▶ Problem description:
Output only the lines below from the one containing "-414 89 -600" to the one containing "62 -168 89 -313", exactly as written, both ends kept.
↓
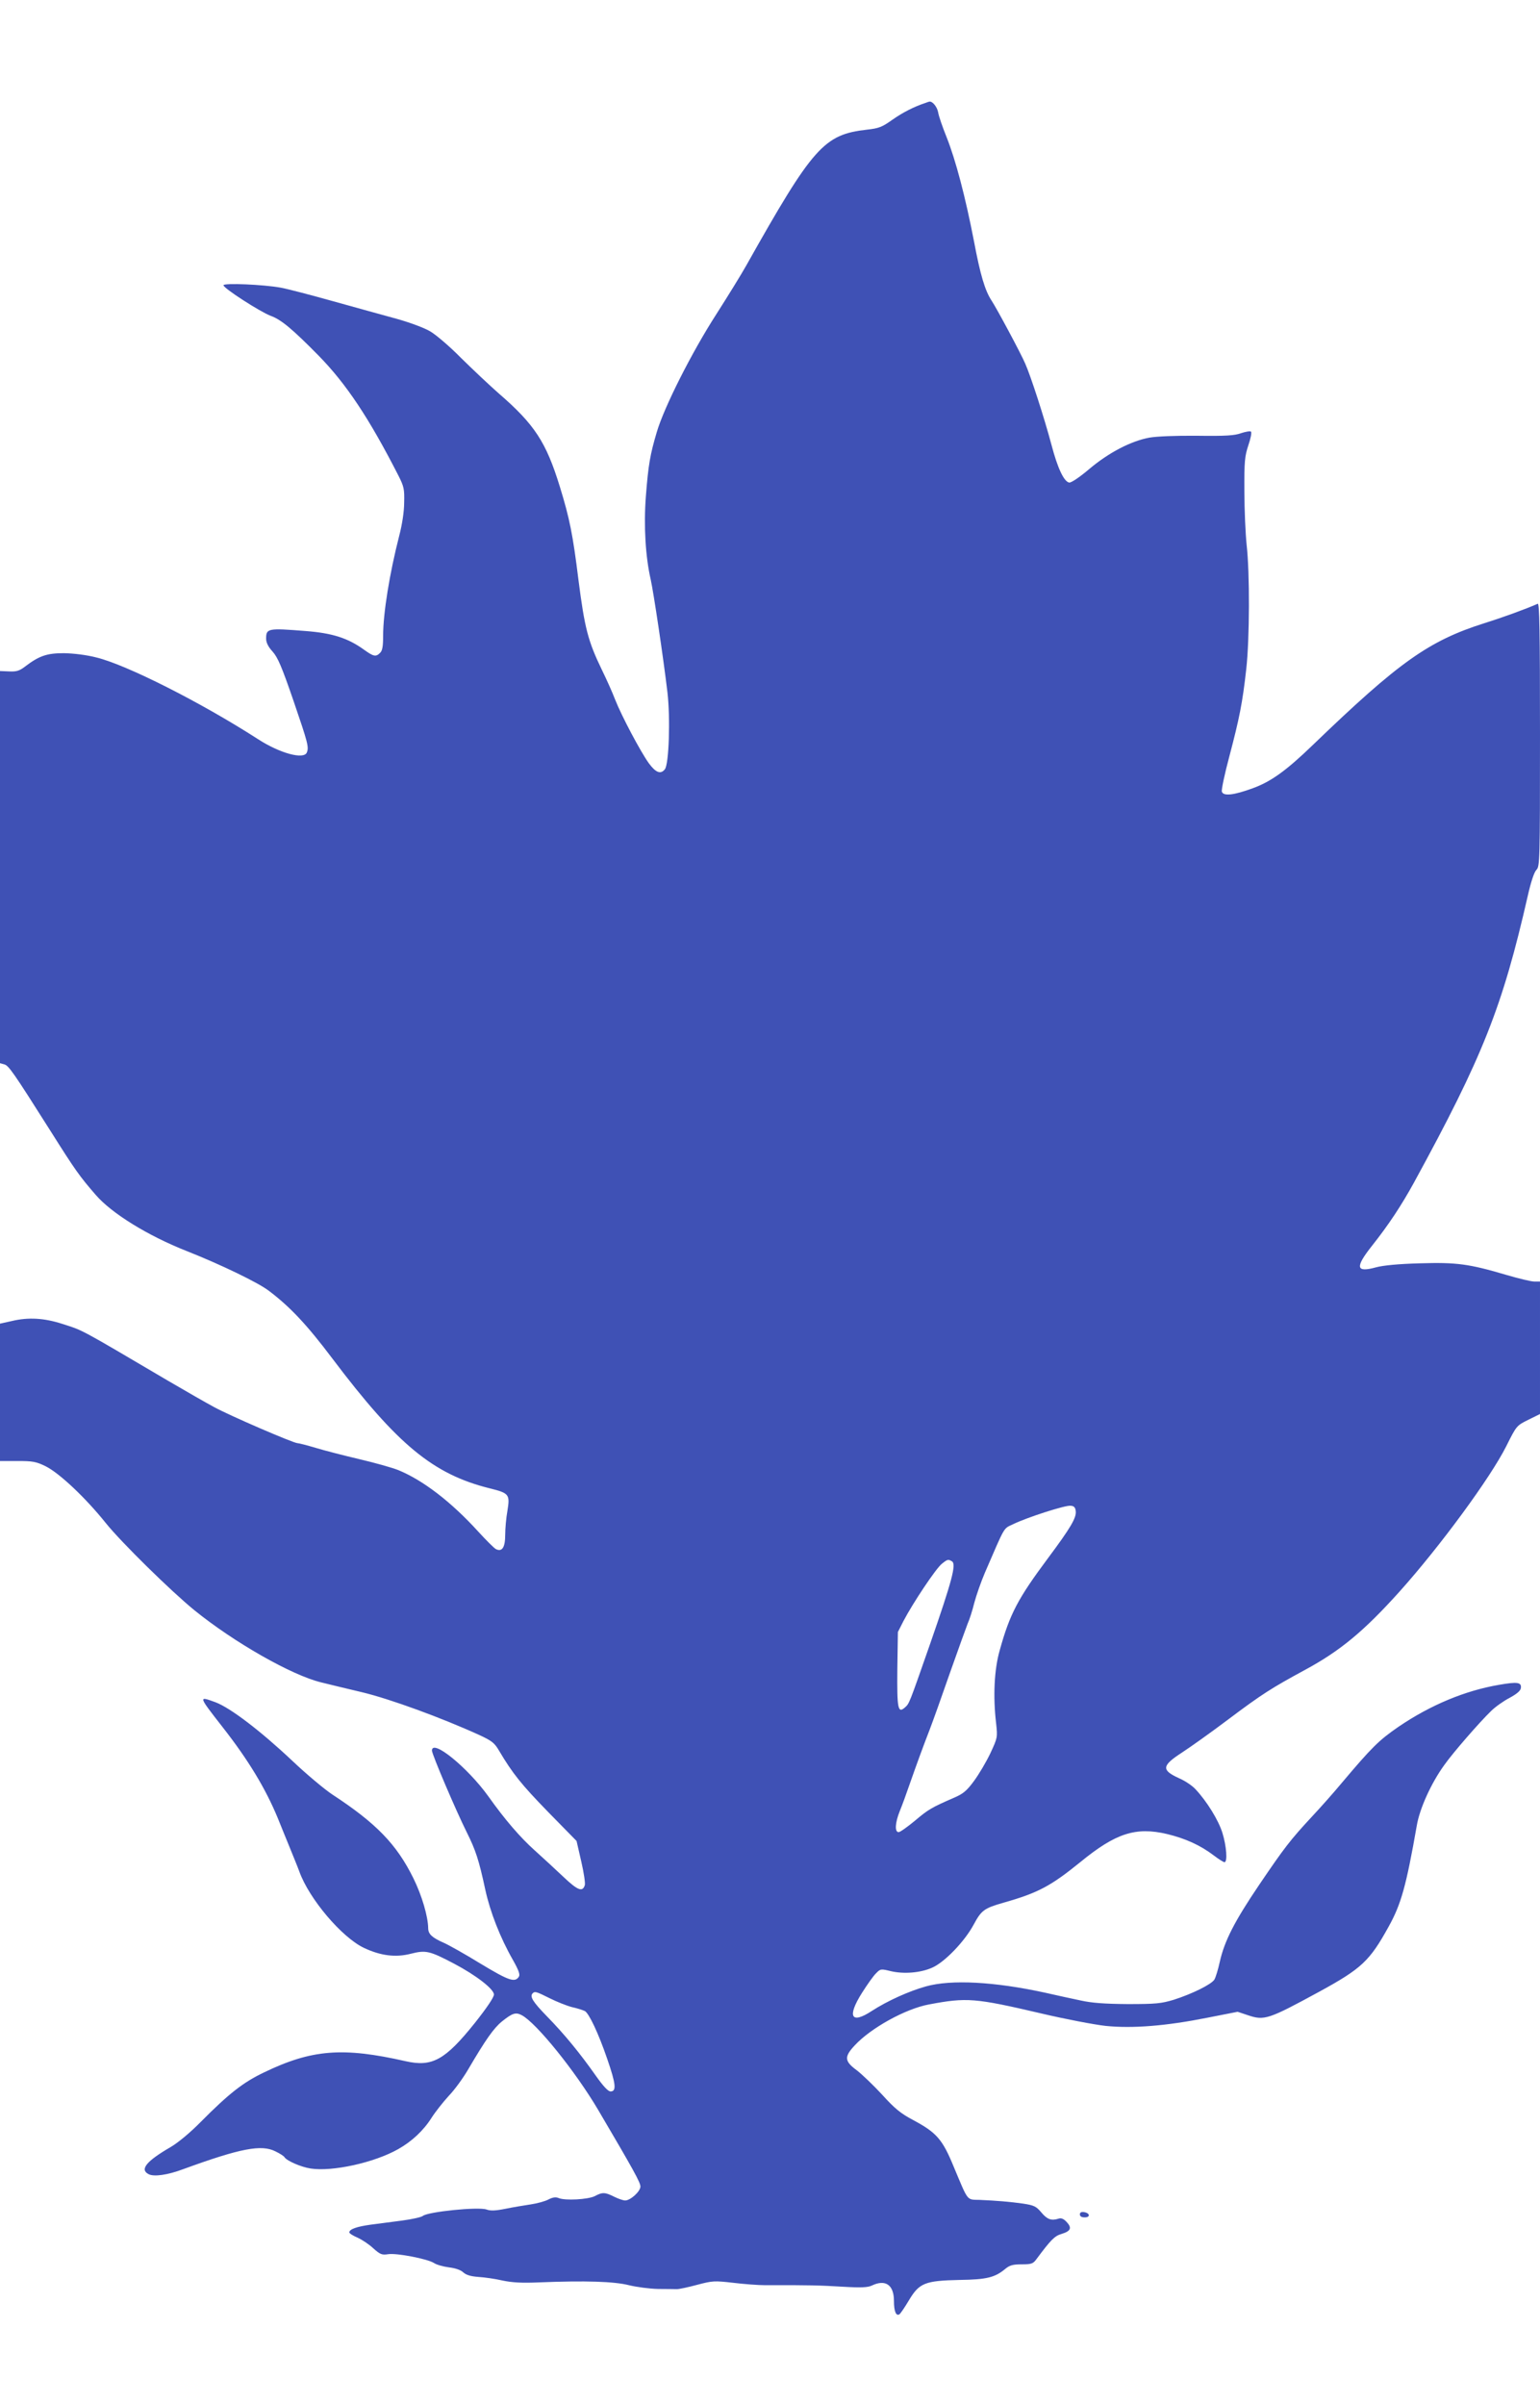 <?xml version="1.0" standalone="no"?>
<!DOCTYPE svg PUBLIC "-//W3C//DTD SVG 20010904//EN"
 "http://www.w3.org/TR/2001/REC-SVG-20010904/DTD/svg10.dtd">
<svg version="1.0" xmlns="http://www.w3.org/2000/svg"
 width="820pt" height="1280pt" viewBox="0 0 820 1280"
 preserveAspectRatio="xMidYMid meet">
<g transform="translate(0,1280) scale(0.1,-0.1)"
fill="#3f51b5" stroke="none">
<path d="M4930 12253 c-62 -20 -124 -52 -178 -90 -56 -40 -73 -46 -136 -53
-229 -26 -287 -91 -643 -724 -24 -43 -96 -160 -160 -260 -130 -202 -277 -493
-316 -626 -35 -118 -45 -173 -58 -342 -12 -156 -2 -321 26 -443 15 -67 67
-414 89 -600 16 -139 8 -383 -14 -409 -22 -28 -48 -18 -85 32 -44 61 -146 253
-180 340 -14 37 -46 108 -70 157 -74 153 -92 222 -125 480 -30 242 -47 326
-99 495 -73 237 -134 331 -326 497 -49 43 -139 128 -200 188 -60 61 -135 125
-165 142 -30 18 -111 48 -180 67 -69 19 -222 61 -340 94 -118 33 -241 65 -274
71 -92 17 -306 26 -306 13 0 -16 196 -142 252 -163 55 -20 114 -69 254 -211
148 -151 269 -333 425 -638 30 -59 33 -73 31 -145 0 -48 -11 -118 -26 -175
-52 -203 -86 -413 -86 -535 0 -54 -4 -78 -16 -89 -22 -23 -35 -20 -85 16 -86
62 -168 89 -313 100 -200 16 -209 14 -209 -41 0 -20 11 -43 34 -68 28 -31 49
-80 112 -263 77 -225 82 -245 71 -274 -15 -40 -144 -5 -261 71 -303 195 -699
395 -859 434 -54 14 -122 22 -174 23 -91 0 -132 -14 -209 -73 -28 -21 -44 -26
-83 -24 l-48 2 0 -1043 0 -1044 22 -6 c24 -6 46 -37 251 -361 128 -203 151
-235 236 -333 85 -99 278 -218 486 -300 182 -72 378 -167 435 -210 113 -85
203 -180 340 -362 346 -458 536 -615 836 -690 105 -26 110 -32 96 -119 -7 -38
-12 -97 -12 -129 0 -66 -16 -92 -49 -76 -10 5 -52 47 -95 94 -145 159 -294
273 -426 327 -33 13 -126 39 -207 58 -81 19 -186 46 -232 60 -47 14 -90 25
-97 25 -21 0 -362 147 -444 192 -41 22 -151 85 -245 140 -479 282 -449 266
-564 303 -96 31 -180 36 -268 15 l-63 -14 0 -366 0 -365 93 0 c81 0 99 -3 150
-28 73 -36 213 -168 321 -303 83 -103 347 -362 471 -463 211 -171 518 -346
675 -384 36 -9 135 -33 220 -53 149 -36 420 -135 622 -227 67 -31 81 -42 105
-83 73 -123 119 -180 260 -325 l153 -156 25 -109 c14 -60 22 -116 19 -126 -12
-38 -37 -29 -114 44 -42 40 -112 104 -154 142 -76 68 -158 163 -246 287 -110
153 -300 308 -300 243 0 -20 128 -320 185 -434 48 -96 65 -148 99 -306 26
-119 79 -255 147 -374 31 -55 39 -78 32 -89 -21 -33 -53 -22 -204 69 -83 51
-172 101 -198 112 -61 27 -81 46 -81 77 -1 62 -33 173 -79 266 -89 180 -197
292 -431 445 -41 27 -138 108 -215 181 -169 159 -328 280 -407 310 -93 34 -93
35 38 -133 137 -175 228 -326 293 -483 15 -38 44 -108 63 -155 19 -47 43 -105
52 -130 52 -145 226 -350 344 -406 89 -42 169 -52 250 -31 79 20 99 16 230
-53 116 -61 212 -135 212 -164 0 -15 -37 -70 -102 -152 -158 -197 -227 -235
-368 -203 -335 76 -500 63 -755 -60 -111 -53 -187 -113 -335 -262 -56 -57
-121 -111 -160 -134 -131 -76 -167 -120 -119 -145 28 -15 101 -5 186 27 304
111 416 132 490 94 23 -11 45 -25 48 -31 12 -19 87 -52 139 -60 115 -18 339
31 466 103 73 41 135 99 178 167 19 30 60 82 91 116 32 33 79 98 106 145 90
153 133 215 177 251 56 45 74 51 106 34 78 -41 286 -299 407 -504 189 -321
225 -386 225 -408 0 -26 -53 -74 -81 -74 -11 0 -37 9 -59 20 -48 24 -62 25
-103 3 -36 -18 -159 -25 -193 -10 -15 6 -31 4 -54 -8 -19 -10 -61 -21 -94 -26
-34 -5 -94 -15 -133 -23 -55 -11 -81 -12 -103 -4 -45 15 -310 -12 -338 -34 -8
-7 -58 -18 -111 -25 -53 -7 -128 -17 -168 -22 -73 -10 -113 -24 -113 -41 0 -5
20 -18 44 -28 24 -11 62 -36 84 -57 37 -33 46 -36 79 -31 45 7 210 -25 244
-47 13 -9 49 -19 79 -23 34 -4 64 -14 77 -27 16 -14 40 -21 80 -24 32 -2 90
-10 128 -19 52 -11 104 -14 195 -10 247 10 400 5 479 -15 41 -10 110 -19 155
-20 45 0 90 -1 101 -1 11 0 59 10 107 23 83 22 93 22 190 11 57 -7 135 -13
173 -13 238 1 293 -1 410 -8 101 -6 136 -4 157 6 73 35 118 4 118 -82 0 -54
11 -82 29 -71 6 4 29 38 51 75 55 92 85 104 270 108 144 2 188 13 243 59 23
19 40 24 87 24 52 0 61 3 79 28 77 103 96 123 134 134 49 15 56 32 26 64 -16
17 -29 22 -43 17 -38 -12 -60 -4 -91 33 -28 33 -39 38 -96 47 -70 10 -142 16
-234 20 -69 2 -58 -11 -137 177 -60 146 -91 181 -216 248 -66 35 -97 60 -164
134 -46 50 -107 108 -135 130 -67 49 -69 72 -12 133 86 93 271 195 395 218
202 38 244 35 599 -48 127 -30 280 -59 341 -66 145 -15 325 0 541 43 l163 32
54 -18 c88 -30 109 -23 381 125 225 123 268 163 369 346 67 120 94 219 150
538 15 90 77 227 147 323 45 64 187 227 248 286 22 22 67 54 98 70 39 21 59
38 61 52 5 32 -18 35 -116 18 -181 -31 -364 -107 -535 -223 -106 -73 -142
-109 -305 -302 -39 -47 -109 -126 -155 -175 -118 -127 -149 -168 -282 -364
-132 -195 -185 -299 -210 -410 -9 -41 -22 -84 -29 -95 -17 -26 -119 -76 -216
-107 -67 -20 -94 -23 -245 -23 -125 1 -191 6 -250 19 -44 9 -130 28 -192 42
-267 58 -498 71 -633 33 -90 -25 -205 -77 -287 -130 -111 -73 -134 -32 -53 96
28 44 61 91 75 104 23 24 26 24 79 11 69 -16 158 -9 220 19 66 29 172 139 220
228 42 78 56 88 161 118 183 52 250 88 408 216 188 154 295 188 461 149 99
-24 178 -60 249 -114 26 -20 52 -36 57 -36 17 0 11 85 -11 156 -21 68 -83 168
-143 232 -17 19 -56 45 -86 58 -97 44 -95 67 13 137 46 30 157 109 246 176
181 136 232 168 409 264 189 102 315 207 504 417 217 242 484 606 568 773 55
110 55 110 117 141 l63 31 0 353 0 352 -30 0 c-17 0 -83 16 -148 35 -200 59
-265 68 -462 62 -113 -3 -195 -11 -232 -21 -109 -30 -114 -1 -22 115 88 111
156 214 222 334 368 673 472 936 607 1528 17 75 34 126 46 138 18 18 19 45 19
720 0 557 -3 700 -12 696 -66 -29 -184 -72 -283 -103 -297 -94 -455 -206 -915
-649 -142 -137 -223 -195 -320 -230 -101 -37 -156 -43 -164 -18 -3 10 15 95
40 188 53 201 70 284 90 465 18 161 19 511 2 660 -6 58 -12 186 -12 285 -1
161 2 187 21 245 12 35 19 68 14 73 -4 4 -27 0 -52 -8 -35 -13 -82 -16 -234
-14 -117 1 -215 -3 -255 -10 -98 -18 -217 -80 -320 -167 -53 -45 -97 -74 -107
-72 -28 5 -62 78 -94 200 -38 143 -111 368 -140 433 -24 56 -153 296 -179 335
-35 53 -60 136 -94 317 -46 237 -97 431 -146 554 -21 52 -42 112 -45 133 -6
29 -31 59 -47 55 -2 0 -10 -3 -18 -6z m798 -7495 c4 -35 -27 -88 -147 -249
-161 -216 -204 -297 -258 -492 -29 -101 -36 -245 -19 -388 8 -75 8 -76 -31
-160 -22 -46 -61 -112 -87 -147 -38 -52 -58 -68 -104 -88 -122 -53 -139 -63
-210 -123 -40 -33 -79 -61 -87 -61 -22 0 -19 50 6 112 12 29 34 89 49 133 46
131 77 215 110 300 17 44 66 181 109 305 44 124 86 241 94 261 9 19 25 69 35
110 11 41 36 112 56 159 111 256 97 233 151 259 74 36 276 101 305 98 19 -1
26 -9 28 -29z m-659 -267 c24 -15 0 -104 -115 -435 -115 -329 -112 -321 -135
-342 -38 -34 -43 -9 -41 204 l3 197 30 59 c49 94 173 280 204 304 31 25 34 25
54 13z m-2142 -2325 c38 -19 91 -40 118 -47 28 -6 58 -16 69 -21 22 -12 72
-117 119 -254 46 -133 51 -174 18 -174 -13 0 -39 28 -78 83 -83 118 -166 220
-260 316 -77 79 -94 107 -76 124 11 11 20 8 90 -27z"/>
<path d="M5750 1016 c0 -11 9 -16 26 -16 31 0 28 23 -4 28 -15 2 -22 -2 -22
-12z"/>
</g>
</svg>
↑
▶ Reply:
-414 89 -600 16 -139 8 -383 -14 -409 -22 -28 -48 -18 -85 32 -44 61 -146 253
-180 340 -14 37 -46 108 -70 157 -74 153 -92 222 -125 480 -30 242 -47 326
-99 495 -73 237 -134 331 -326 497 -49 43 -139 128 -200 188 -60 61 -135 125
-165 142 -30 18 -111 48 -180 67 -69 19 -222 61 -340 94 -118 33 -241 65 -274
71 -92 17 -306 26 -306 13 0 -16 196 -142 252 -163 55 -20 114 -69 254 -211
148 -151 269 -333 425 -638 30 -59 33 -73 31 -145 0 -48 -11 -118 -26 -175
-52 -203 -86 -413 -86 -535 0 -54 -4 -78 -16 -89 -22 -23 -35 -20 -85 16 -86
62 -168 89 -313 100 -200 16 -209 14 -209 -41 0 -20 11 -43 34 -68 28 -31 49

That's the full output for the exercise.